- Opening Delimiter -

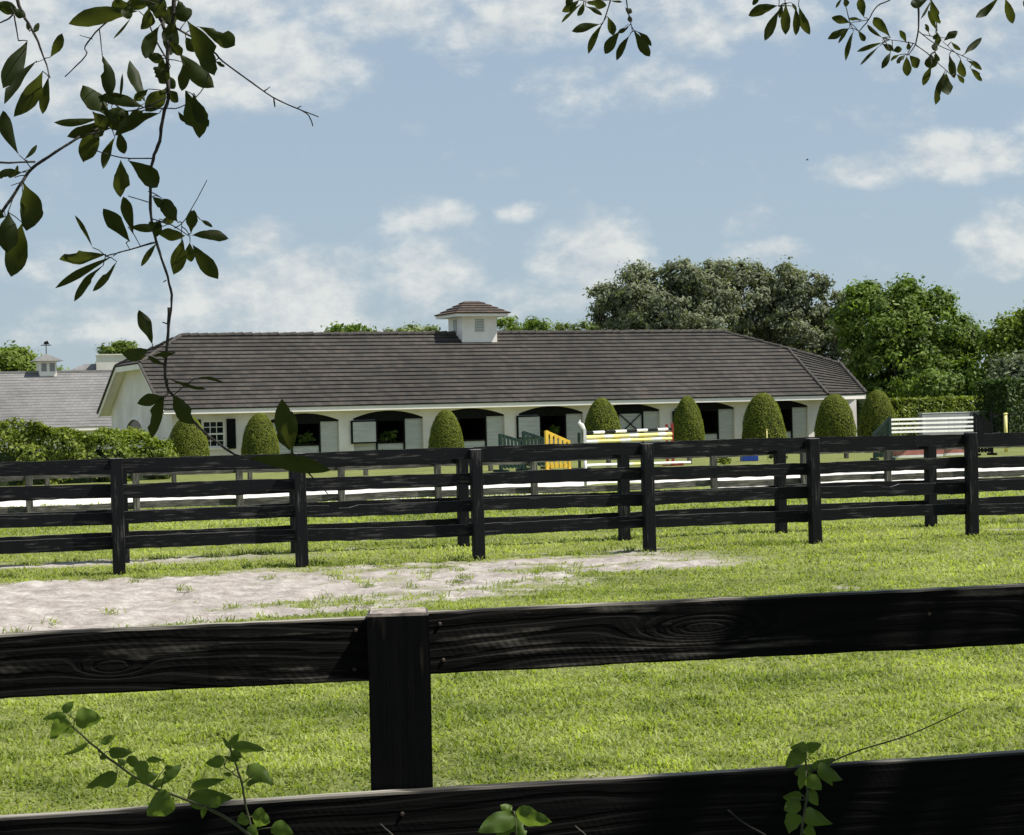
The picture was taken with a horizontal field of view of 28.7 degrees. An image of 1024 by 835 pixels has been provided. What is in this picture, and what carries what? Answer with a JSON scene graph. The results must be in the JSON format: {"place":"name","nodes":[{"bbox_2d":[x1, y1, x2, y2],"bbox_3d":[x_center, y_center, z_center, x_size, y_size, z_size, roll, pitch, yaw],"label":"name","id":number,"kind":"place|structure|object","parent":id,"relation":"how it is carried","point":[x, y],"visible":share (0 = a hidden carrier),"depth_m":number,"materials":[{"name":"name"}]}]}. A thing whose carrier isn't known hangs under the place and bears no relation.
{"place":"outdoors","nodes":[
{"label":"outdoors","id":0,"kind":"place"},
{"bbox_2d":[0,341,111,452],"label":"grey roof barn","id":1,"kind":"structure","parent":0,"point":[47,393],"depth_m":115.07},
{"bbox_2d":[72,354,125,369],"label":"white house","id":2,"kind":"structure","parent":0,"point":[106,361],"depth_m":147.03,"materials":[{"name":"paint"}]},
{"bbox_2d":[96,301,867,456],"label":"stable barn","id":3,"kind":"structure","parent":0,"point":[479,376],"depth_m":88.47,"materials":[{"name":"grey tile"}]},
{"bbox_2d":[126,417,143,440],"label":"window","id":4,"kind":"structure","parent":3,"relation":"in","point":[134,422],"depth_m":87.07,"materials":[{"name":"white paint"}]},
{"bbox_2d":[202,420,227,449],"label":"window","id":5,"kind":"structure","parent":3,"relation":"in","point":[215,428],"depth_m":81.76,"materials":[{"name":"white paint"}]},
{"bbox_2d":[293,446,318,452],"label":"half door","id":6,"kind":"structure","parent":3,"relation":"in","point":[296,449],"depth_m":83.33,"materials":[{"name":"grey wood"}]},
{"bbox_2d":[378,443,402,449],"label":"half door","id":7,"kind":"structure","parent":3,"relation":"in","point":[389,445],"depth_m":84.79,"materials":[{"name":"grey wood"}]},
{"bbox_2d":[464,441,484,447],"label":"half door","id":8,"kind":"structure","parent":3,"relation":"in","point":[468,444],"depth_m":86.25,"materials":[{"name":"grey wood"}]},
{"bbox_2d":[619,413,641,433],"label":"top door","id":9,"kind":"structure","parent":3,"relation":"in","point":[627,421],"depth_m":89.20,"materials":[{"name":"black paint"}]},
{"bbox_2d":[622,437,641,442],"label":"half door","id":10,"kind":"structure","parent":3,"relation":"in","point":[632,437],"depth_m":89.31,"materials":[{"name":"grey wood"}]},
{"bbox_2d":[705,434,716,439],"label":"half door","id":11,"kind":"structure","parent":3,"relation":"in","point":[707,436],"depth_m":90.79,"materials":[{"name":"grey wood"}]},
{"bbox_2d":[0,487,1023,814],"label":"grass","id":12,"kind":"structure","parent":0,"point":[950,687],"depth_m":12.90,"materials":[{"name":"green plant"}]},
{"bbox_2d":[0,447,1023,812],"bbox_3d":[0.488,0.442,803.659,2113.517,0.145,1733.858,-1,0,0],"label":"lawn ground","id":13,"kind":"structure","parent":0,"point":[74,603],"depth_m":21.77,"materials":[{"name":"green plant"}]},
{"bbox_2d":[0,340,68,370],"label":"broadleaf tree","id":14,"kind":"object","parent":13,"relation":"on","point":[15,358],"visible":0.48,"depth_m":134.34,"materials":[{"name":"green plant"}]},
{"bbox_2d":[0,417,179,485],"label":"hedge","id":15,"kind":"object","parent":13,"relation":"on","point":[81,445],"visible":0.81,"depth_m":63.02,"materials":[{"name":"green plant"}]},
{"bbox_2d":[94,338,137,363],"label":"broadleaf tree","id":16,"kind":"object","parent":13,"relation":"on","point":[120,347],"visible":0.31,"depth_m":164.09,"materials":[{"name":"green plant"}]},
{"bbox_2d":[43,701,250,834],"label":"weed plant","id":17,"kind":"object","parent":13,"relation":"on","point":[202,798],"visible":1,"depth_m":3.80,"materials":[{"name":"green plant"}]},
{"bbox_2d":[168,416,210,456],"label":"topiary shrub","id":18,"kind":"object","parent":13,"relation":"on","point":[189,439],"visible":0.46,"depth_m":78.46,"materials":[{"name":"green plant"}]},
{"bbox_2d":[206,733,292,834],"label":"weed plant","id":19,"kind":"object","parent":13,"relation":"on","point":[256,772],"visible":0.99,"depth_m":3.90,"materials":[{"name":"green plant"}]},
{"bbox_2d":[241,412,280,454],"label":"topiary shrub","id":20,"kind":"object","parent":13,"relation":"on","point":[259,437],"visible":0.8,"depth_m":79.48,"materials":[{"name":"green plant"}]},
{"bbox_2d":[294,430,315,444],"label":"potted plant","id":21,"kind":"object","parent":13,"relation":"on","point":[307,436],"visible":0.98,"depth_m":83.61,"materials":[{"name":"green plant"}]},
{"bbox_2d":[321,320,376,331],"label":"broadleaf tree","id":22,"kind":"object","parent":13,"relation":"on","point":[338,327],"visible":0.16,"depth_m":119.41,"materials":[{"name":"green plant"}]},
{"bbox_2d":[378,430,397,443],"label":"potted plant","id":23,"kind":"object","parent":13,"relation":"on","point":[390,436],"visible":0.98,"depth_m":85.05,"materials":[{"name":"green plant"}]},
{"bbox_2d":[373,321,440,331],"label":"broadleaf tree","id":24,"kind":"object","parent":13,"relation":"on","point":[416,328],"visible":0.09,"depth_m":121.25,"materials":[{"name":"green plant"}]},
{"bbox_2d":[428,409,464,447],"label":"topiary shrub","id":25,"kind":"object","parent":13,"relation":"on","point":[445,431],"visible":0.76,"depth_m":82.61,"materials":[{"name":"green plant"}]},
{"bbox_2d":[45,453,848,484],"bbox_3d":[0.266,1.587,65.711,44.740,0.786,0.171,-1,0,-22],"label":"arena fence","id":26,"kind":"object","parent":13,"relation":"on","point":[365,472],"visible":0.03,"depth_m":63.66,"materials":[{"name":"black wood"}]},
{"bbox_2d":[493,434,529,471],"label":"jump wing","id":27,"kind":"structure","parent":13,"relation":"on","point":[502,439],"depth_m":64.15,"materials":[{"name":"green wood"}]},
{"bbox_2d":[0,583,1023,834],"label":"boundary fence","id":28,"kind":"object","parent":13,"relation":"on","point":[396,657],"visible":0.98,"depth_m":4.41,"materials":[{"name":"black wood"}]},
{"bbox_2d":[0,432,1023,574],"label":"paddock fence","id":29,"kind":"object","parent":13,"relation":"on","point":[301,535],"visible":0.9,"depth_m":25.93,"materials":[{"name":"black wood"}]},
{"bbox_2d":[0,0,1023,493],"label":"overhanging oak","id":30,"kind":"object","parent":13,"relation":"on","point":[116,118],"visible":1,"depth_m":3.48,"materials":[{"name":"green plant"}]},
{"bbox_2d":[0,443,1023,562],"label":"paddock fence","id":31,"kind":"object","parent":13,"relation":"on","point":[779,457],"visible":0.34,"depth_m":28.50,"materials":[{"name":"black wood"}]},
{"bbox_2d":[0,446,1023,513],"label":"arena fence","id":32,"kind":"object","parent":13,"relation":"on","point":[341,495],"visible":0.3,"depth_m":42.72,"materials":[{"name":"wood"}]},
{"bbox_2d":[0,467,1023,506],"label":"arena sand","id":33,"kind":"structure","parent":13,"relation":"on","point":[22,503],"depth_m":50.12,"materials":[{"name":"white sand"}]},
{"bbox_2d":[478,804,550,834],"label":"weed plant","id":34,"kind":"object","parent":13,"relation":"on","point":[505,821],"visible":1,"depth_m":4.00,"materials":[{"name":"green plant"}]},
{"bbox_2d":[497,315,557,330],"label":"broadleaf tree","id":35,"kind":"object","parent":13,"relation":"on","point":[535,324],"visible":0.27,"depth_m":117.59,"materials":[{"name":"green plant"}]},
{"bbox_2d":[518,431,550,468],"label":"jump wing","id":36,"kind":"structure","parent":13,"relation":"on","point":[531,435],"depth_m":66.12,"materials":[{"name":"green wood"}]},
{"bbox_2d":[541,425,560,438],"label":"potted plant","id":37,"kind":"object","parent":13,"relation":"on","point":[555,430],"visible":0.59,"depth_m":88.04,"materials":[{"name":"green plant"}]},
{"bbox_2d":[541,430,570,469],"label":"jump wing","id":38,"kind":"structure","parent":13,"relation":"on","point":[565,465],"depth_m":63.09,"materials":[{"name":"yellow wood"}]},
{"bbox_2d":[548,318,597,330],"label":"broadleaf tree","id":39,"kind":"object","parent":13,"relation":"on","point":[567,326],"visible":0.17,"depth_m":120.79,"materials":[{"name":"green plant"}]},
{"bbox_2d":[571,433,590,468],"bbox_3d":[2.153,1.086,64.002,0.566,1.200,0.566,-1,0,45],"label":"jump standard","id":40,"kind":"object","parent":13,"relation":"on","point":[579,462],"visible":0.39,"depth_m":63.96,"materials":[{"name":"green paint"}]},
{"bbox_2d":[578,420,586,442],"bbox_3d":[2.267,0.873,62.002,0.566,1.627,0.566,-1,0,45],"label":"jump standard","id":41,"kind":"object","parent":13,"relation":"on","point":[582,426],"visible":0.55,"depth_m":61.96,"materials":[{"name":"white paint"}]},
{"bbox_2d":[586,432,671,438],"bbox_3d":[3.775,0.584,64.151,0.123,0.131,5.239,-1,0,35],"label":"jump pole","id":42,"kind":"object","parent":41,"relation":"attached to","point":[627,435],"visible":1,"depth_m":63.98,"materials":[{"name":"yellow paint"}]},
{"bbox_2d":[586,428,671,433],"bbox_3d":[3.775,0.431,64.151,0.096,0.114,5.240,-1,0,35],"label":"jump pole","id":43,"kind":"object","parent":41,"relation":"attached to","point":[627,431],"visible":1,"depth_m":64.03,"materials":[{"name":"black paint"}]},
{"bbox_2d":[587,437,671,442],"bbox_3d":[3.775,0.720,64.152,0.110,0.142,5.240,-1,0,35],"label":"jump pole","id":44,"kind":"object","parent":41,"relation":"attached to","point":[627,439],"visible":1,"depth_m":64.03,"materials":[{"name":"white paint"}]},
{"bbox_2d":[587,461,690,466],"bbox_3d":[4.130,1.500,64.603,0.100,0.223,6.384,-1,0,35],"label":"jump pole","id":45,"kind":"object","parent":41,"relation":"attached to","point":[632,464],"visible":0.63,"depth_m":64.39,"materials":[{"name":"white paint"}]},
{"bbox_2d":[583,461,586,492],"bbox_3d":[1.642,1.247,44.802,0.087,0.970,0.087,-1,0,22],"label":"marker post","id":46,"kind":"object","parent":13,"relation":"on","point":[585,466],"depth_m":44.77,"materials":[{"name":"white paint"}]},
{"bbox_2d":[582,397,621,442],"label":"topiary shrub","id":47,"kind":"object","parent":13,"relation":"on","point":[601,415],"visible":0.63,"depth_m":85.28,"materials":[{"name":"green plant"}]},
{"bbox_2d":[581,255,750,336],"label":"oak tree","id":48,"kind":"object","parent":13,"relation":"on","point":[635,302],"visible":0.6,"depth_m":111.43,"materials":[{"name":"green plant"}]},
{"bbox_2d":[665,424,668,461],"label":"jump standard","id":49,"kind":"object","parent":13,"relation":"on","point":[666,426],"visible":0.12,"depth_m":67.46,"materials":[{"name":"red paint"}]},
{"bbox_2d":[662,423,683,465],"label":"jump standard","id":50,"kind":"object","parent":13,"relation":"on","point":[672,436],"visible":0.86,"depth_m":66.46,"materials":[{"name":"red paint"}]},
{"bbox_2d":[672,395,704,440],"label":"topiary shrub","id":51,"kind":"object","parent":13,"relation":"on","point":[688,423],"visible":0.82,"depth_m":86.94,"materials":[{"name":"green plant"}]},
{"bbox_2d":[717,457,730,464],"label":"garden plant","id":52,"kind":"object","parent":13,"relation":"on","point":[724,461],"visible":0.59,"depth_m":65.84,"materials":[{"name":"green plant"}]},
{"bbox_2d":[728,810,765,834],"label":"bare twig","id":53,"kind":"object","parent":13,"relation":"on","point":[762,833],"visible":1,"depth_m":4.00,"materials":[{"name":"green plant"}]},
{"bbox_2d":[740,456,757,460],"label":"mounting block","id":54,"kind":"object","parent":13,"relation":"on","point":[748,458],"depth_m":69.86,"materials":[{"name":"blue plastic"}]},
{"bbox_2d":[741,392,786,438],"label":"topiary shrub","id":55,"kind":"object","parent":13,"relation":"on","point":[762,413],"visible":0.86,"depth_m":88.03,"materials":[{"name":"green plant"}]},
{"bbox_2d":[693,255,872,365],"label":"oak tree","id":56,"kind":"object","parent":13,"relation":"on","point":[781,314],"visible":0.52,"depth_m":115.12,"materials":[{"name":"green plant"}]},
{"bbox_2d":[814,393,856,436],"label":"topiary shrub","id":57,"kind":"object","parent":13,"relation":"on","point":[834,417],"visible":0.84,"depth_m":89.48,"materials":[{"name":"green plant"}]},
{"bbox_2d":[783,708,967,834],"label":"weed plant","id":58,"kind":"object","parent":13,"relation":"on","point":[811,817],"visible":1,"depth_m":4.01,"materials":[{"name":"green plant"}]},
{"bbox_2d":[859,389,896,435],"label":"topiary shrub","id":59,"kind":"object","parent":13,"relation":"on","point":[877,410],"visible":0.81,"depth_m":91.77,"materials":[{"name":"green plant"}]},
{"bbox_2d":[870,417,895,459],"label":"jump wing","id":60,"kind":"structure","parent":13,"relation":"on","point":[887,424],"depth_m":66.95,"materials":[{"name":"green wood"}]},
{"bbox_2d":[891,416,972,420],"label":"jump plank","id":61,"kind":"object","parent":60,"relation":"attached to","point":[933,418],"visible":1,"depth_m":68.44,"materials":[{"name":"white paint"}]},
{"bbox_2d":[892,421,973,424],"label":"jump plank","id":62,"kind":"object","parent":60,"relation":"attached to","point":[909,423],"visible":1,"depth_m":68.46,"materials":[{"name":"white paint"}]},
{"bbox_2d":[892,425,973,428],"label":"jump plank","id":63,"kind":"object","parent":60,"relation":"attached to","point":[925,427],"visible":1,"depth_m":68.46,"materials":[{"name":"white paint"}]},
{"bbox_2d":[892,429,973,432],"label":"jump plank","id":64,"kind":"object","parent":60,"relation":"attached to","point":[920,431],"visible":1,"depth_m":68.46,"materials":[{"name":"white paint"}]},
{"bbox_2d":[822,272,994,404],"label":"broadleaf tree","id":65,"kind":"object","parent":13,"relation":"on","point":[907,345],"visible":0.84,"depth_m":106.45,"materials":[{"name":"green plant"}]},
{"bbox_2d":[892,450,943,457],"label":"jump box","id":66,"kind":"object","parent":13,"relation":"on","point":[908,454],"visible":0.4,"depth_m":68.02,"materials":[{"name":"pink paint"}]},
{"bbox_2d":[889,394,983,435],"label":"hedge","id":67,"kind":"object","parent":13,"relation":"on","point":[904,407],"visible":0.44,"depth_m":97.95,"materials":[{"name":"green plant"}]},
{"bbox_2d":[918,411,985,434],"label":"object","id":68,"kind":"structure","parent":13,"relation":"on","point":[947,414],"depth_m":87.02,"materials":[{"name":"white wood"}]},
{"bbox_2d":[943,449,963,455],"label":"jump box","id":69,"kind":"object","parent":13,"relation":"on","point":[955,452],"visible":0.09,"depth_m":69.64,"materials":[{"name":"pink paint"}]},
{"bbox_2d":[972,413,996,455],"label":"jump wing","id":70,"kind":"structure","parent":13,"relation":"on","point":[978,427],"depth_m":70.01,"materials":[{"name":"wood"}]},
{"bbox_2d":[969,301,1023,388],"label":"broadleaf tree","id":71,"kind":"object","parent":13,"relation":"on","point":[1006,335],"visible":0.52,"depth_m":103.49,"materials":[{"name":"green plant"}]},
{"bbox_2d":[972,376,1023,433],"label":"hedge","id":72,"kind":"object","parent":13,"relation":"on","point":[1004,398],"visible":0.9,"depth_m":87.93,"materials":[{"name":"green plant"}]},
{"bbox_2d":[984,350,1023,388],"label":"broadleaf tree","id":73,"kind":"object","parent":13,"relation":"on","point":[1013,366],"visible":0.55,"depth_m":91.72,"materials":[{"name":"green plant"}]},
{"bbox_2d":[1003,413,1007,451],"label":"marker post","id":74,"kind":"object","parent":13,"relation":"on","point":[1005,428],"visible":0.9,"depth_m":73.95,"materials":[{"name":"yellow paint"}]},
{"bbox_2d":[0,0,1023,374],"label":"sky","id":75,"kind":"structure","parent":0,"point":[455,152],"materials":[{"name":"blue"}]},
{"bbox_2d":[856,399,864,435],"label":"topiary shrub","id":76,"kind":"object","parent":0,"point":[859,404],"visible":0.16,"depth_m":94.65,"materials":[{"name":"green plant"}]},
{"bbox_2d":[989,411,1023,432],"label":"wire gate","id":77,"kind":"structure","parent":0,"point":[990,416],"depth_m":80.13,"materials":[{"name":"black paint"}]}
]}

- Closing Delimiter -

WHAT TO WORK ON:
Scan the material above for the string "window". Copy each line that holds it.

RESPONSE TO THIS EXERCISE:
{"bbox_2d":[126,417,143,440],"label":"window","id":4,"kind":"structure","parent":3,"relation":"in","point":[134,422],"depth_m":87.07,"materials":[{"name":"white paint"}]},
{"bbox_2d":[202,420,227,449],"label":"window","id":5,"kind":"structure","parent":3,"relation":"in","point":[215,428],"depth_m":81.76,"materials":[{"name":"white paint"}]},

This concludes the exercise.